== WHAT THE TASK ASKS ==
Write out every line from the listing below where the string "leaning" is found.

== EXERCISE MATERIAL ==
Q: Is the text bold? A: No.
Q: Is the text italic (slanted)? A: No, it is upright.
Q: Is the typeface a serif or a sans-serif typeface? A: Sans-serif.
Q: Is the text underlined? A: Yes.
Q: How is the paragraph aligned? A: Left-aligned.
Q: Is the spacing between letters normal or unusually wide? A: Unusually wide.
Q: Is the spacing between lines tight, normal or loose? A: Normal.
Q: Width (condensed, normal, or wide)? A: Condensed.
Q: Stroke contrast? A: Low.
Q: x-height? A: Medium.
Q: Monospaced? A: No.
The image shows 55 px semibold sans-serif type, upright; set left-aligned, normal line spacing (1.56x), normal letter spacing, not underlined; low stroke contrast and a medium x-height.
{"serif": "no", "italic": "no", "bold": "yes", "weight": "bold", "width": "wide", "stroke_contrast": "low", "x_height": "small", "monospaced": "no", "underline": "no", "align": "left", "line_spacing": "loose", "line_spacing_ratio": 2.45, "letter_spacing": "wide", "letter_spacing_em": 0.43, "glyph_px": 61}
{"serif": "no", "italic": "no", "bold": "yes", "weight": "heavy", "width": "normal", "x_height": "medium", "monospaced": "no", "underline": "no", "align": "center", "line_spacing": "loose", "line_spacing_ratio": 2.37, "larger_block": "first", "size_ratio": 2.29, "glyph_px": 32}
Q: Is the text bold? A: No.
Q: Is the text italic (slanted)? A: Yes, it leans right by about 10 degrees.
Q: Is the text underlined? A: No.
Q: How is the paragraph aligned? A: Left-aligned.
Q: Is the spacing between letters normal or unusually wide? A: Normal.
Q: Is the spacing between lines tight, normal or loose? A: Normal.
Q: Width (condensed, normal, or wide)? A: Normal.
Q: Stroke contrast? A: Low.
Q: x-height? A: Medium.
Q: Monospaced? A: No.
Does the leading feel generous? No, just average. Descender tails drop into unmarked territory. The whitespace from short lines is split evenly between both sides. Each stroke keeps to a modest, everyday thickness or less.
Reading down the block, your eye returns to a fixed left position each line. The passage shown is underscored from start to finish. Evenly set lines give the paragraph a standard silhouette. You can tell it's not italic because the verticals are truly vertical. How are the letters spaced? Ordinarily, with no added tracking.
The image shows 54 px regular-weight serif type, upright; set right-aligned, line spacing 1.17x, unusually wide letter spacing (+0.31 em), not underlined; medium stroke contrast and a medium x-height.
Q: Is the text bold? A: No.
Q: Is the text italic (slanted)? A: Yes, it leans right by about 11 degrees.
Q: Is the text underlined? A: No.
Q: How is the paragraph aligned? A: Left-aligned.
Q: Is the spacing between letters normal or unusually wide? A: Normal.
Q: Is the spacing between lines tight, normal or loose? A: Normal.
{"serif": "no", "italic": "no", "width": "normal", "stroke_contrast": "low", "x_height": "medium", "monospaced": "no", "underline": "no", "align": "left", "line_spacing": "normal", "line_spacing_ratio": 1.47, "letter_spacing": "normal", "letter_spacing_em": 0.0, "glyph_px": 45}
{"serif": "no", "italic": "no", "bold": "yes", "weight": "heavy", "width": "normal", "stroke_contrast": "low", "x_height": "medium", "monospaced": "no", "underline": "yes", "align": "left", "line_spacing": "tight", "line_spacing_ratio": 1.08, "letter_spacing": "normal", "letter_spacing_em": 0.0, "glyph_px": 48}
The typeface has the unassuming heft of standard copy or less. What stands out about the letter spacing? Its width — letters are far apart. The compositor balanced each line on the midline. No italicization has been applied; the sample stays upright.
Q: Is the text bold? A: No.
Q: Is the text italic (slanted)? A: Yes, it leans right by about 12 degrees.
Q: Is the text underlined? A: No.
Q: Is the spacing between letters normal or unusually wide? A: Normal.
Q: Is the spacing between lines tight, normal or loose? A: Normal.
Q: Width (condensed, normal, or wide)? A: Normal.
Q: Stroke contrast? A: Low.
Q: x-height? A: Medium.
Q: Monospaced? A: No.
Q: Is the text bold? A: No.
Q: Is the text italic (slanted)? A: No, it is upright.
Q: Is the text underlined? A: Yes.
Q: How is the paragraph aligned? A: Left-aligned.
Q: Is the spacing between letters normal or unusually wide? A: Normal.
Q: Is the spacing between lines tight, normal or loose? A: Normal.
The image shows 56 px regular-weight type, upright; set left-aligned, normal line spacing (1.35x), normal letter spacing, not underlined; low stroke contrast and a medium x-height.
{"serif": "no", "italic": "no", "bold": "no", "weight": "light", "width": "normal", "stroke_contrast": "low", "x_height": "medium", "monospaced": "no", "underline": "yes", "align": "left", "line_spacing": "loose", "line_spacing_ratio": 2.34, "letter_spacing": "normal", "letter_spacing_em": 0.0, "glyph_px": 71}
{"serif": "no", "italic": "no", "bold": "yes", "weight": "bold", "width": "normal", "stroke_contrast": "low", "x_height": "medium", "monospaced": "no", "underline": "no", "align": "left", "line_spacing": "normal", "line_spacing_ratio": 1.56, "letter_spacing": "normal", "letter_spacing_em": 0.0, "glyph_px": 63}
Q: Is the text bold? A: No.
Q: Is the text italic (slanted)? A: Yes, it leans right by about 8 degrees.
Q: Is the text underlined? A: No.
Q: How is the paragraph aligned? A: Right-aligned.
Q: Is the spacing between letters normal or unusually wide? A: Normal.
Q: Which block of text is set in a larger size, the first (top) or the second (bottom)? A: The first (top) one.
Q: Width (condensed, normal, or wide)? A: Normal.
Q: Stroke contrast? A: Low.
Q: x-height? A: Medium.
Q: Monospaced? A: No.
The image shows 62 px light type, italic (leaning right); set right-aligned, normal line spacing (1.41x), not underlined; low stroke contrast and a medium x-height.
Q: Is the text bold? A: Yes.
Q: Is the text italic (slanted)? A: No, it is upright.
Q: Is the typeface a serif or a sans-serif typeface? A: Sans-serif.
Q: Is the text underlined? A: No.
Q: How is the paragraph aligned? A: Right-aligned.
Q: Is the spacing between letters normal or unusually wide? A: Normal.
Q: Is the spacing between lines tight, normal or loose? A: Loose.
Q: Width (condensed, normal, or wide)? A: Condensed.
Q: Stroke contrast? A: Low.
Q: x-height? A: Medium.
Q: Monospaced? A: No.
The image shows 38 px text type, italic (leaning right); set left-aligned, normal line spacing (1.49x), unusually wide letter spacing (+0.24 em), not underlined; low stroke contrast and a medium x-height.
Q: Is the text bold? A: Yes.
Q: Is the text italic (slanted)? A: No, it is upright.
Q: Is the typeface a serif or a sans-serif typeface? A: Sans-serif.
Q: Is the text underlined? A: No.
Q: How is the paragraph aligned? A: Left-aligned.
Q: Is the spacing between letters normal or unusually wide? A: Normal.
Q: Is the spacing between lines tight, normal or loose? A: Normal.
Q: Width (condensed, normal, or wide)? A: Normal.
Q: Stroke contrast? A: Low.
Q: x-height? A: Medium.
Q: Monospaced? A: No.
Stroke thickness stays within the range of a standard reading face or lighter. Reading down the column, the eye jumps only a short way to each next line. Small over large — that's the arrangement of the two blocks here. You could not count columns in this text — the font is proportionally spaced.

== EXERCISE SOLUTION ==
The image shows 62 px light type, italic (leaning right); set right-aligned, normal line spacing (1.41x), not underlined; low stroke contrast and a medium x-height.
The image shows 38 px text type, italic (leaning right); set left-aligned, normal line spacing (1.49x), unusually wide letter spacing (+0.24 em), not underlined; low stroke contrast and a medium x-height.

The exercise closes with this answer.